Printing industry survivors are those who look beyond today and slightly over the horizon. The traditional practice of just following the leaders will not work any more, because the leaders do not know where they are going either. Here are some trends you can take to the bank.
1. Digital printing is the present and future of the printing industry, but it may be different over time than it appears today.
2. Digital printing will both complement and compete with offset litho, as well as gravure, screen and flexo printing.
3. Digital printing will use toner, inkjet, and other substances to image on paper and other substrates without the need for plates. Look for plastics to grow as a major substrate.
4. Digital printing eliminates makeready as we know it, which is an attribute of its on-demand advantage.
5. All printing processes will soon share the same digital infrastructure. Workflow is and will be everything.
6. Content originators now control workflows, absorbing entire industries such as typesetting, engraving, color separation, proofing, and other pre-press processes. Printers are the last to know what a job entails.
7. The competitive climate in the printing industry is undergoing drastic and turbulent change as marketers expend their ad/promotion dollars across multiple media, reducing investments in print.
8. Print buyers are now buying digital output for many of the applications where offset litho once dominated.
9. Networked laser printers are challenging copiers; copiers are challenging digital presses; digital presses are challenging offset; and inkjet may challenge everything.
10. Digital printers that are now positioned between digital presses and full-color copiers offer compelling quality and pricing.
11. Color management software and system controllers used in digital color printers are raising the levels of color consistency.
12. Offset lithographic printing is evolving to provide more economical and competitive approaches, but its volume will continue to erode.
13. Variable data printing is an opportunity for printers because it expands the range of ancillary services that may be offered, such as database, mailing, fulfillment, and personal websites. The real money is in the ancillary services.
14. Variable Data Printing will continue to grow slowly until suppliers get their heads out of the sand and support real standards and realistic workflows. VDP is still too complex and too proprietary.
15. Any growth in the printing industry in the last few years has been from digital printing and ancillary services.

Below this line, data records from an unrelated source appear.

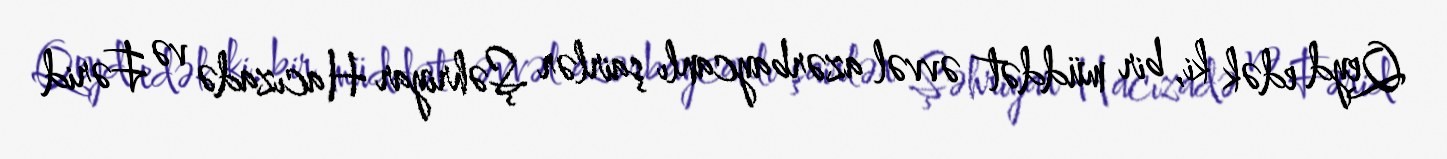
Qeyd edək ki, bir müddət əvvəl azərbaycanlı şairlər Şəhriyar Hacızadə və Fərid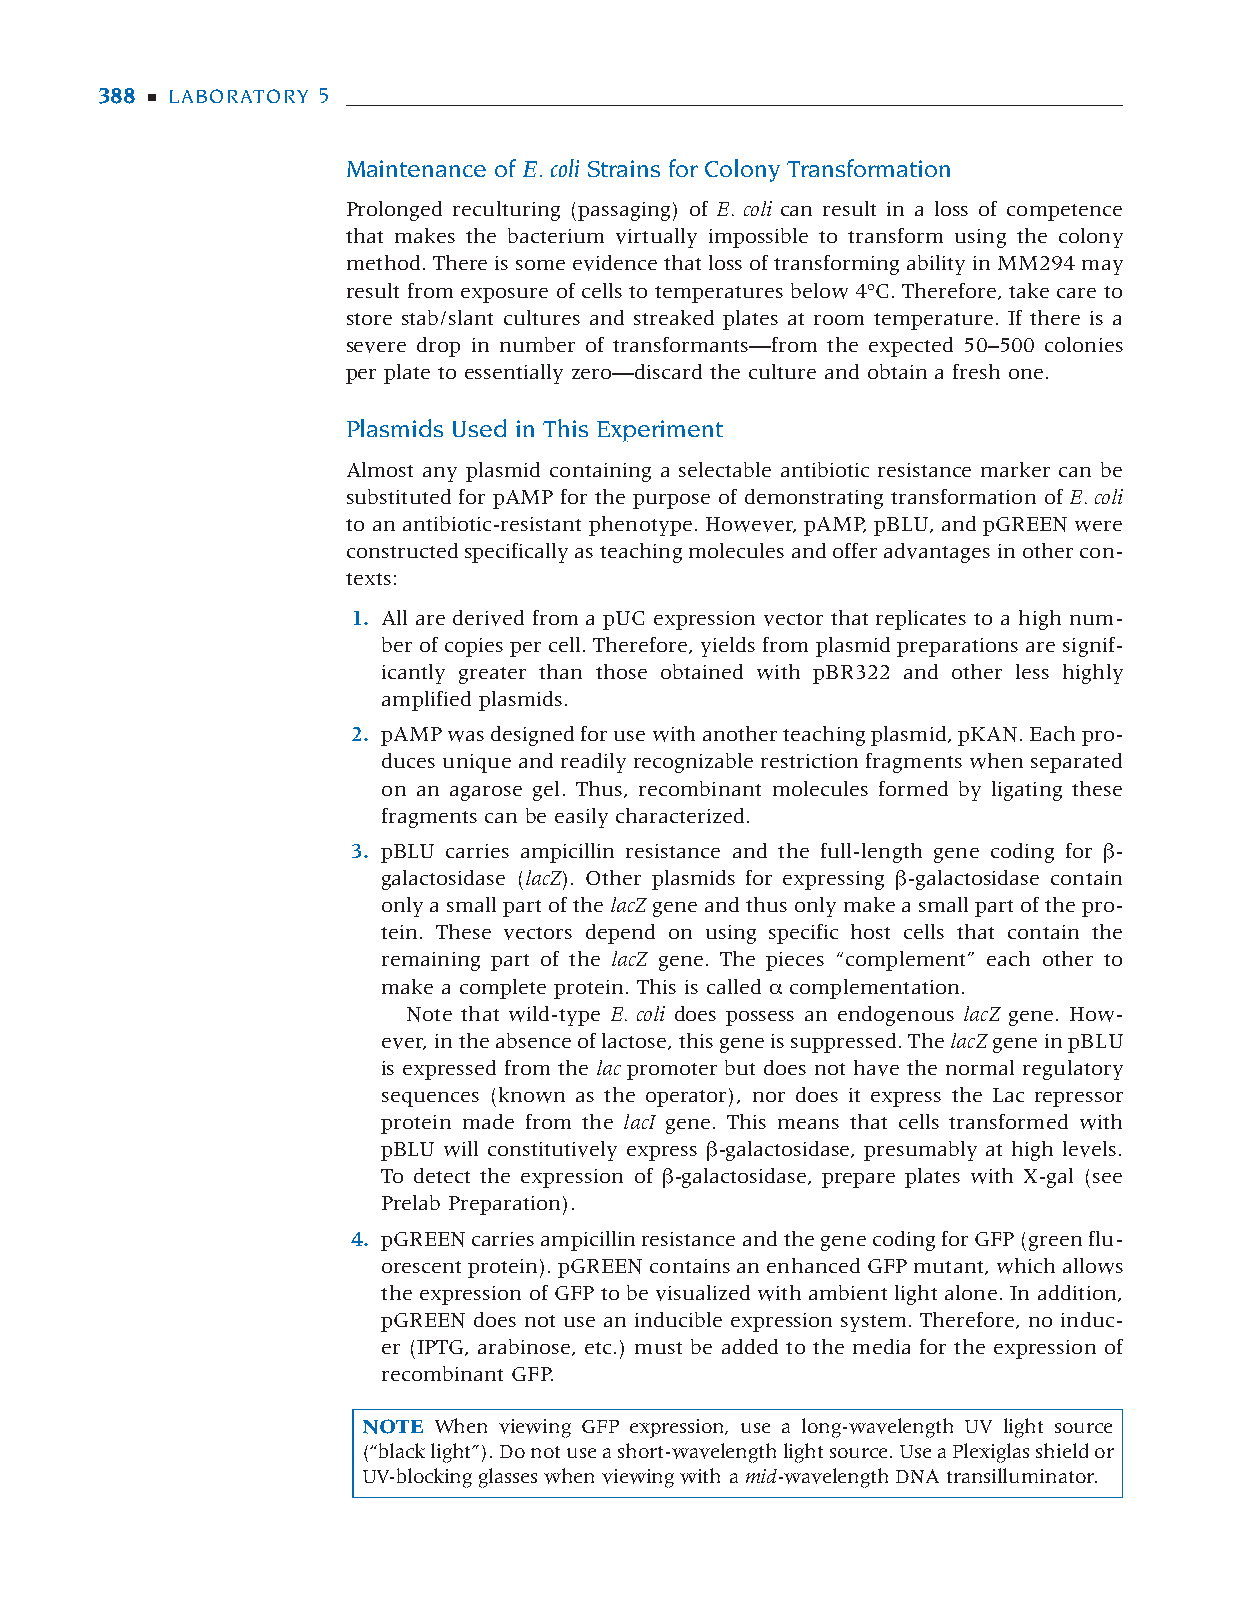
385-398 DNA Sci Lab 05 11/9/05 1:39 PM Page 388
 388 ■ LABORATORY 5
 Maintenance of E. coli Strains for Colony Transformation
 Prolonged reculturing (passaging) of E. coli can result in a loss of competence
 that makes the bacterium virtually impossible to transform using the colony
 method. There is some evidence that loss of transforming ability in MM294 may
 result from exposure of cells to temperatures below 4ºC. Therefore, take care to
 store stab/slant cultures and streaked plates at room temperature. If there is a
 severe drop in number of transformants—from the expected 50–500 colonies
 per plate to essentially zero—discard the culture and obtain a fresh one.
 Plasmids Used in This Experiment
 Almost any plasmid containing a selectable antibiotic resistance marker can be
 substituted for pAMP for the purpose of demonstrating transformation of E. coli
 to an antibiotic-resistant phenotype. However, pAMP, pBLU, and pGREEN were
 constructed specifically as teaching molecules and offer advantages in other con-
 texts:
 1. All are derived from a pUC expression vector that replicates to a high num-
 ber of copies per cell. Therefore, yields from plasmid preparations are signif-
 icantly greater than those obtained with pBR322 and other less highly
 amplified plasmids.
 2. pAMP was designed for use with another teaching plasmid, pKAN. Each pro-
 duces unique and readily recognizable restriction fragments when separated
 on an agarose gel. Thus, recombinant molecules formed by ligating these
 fragments can be easily characterized.
 3. pBLU carries ampicillin resistance and the full-length gene coding for β-
 galactosidase (lacZ). Other plasmids for expressing β-galactosidase contain
 only a small part of the lacZgene and thus only make a small part of the pro-
 tein. These vectors depend on using specific host cells that contain the
 remaining part of the lacZ gene. The pieces “complement” each other to
 make a complete protein. This is called α complementation.
 Note that wild-type E. coli does possess an endogenous lacZ gene. How-
 ever, in the absence of lactose, this gene is suppressed. The lacZgene in pBLU
 is expressed from the lac promoter but does not have the normal regulatory
 sequences (known as the operator), nor does it express the Lac repressor
 protein made from the lacI gene. This means that cells transformed with
 pBLU will constitutively express β-galactosidase, presumably at high levels.
 To detect the expression of β-galactosidase, prepare plates with X-gal (see
 Prelab Preparation).
 4. pGREEN carries ampicillin resistance and the gene coding for GFP (green flu-
 orescent protein). pGREEN contains an enhanced GFP mutant, which allows
 the expression of GFP to be visualized with ambient light alone. In addition,
 pGREEN does not use an inducible expression system. Therefore, no induc-
 er (IPTG, arabinose, etc.) must be added to the media for the expression of
 recombinant GFP.
 NOTE When viewing GFP expression, use a long-wavelength UV light source
 (“black light”). Do not use a short-wavelength light source. Use a Plexiglas shield or
 UV-blocking glasses when viewing with a mid-wavelength DNA transilluminator.

16. Another aspect of industry revenue growth has been increased revenue because of increased prices based on increased costs of paper, ink, and other supplies. Revenue may appear to be growing but it is essentially flat.
17. Digital printing quality is no longer an issue; however, productivity, reliability, and sheet size are issues. Look for activity in all these areas shortly.
18. Digital printing will be applied to signage, artwork, packaging, label printing, point-of-purchase, converting, corrugated, industrial printing, and other printed products.
19. Digital printing will affect every facet of the printing, packaging, and specialty industries.
20. The number or printing firms will continue to decline, primarily as a result of consolidation. This will retard price erosion as the number of competitors are reduced.
21. However, at the same time, the volume of print is being reduced by electronic substitution and non-print competition for advertising.
22. The printing industry is still a vibrant business. After 2010, it will stabilize in terms of firms and employees but technology will not slow down.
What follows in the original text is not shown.